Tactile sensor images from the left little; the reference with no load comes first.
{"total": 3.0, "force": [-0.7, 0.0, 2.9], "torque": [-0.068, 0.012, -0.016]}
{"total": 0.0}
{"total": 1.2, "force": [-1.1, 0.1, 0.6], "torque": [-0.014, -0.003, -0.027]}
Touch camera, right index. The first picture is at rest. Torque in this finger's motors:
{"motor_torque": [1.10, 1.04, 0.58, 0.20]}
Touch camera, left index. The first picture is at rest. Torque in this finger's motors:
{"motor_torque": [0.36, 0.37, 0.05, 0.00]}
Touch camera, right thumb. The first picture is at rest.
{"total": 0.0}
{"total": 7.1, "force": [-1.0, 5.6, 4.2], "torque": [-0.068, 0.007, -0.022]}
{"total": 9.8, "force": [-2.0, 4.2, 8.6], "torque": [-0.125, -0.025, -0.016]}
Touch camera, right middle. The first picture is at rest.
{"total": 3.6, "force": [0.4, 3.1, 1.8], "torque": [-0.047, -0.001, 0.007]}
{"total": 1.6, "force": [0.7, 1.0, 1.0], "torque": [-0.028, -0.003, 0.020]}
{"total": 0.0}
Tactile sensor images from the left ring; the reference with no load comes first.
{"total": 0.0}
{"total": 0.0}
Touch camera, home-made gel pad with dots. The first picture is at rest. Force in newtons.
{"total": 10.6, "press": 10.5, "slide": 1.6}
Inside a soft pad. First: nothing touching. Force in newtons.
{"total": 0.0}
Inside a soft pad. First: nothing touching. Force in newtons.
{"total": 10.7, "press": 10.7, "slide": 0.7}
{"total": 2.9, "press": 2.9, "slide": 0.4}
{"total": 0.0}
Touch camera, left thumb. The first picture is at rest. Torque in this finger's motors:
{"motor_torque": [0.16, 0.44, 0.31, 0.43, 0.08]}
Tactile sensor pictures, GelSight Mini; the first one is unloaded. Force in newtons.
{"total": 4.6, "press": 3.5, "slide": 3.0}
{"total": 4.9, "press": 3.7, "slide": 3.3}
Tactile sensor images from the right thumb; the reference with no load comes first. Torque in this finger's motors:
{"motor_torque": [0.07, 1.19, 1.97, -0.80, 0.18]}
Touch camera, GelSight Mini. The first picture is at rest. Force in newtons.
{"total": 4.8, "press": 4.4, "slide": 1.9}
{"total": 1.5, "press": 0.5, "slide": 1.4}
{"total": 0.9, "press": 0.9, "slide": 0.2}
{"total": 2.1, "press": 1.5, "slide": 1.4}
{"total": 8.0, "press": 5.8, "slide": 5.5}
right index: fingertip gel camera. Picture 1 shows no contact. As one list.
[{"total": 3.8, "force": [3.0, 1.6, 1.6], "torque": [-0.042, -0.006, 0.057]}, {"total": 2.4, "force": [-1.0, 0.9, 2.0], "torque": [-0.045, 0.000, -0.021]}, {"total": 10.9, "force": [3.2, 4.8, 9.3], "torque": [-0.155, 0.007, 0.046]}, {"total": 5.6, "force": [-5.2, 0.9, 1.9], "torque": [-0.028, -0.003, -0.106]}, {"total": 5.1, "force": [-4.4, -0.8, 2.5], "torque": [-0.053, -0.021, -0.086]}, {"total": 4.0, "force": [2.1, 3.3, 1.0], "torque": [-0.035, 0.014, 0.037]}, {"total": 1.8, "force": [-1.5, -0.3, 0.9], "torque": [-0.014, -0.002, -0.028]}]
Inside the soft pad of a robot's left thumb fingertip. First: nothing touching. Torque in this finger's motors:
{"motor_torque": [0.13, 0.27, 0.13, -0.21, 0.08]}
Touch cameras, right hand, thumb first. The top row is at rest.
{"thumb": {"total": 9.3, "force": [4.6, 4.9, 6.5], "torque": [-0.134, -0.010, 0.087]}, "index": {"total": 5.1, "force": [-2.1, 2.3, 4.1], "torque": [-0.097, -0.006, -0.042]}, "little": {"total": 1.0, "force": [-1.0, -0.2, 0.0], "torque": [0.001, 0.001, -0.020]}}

§

| Goal of the exercise |
Each record above should be output again exactly.

| Task output |
Tactile sensor images from the left little; the reference with no load comes first.
{"total": 3.0, "force": [-0.7, 0.0, 2.9], "torque": [-0.068, 0.012, -0.016]}
{"total": 0.0}
{"total": 1.2, "force": [-1.1, 0.1, 0.6], "torque": [-0.014, -0.003, -0.027]}
Touch camera, right index. The first picture is at rest. Torque in this finger's motors:
{"motor_torque": [1.10, 1.04, 0.58, 0.20]}
Touch camera, left index. The first picture is at rest. Torque in this finger's motors:
{"motor_torque": [0.36, 0.37, 0.05, 0.00]}
Touch camera, right thumb. The first picture is at rest.
{"total": 0.0}
{"total": 7.1, "force": [-1.0, 5.6, 4.2], "torque": [-0.068, 0.007, -0.022]}
{"total": 9.8, "force": [-2.0, 4.2, 8.6], "torque": [-0.125, -0.025, -0.016]}
Touch camera, right middle. The first picture is at rest.
{"total": 3.6, "force": [0.4, 3.1, 1.8], "torque": [-0.047, -0.001, 0.007]}
{"total": 1.6, "force": [0.7, 1.0, 1.0], "torque": [-0.028, -0.003, 0.020]}
{"total": 0.0}
Tactile sensor images from the left ring; the reference with no load comes first.
{"total": 0.0}
{"total": 0.0}
Touch camera, home-made gel pad with dots. The first picture is at rest. Force in newtons.
{"total": 10.6, "press": 10.5, "slide": 1.6}
Inside a soft pad. First: nothing touching. Force in newtons.
{"total": 0.0}
Inside a soft pad. First: nothing touching. Force in newtons.
{"total": 10.7, "press": 10.7, "slide": 0.7}
{"total": 2.9, "press": 2.9, "slide": 0.4}
{"total": 0.0}
Touch camera, left thumb. The first picture is at rest. Torque in this finger's motors:
{"motor_torque": [0.16, 0.44, 0.31, 0.43, 0.08]}
Tactile sensor pictures, GelSight Mini; the first one is unloaded. Force in newtons.
{"total": 4.6, "press": 3.5, "slide": 3.0}
{"total": 4.9, "press": 3.7, "slide": 3.3}
Tactile sensor images from the right thumb; the reference with no load comes first. Torque in this finger's motors:
{"motor_torque": [0.07, 1.19, 1.97, -0.80, 0.18]}
Touch camera, GelSight Mini. The first picture is at rest. Force in newtons.
{"total": 4.8, "press": 4.4, "slide": 1.9}
{"total": 1.5, "press": 0.5, "slide": 1.4}
{"total": 0.9, "press": 0.9, "slide": 0.2}
{"total": 2.1, "press": 1.5, "slide": 1.4}
{"total": 8.0, "press": 5.8, "slide": 5.5}
right index: fingertip gel camera. Picture 1 shows no contact. As one list.
[{"total": 3.8, "force": [3.0, 1.6, 1.6], "torque": [-0.042, -0.006, 0.057]}, {"total": 2.4, "force": [-1.0, 0.9, 2.0], "torque": [-0.045, 0.000, -0.021]}, {"total": 10.9, "force": [3.2, 4.8, 9.3], "torque": [-0.155, 0.007, 0.046]}, {"total": 5.6, "force": [-5.2, 0.9, 1.9], "torque": [-0.028, -0.003, -0.106]}, {"total": 5.1, "force": [-4.4, -0.8, 2.5], "torque": [-0.053, -0.021, -0.086]}, {"total": 4.0, "force": [2.1, 3.3, 1.0], "torque": [-0.035, 0.014, 0.037]}, {"total": 1.8, "force": [-1.5, -0.3, 0.9], "torque": [-0.014, -0.002, -0.028]}]
Inside the soft pad of a robot's left thumb fingertip. First: nothing touching. Torque in this finger's motors:
{"motor_torque": [0.13, 0.27, 0.13, -0.21, 0.08]}
Touch cameras, right hand, thumb first. The top row is at rest.
{"thumb": {"total": 9.3, "force": [4.6, 4.9, 6.5], "torque": [-0.134, -0.010, 0.087]}, "index": {"total": 5.1, "force": [-2.1, 2.3, 4.1], "torque": [-0.097, -0.006, -0.042]}, "little": {"total": 1.0, "force": [-1.0, -0.2, 0.0], "torque": [0.001, 0.001, -0.020]}}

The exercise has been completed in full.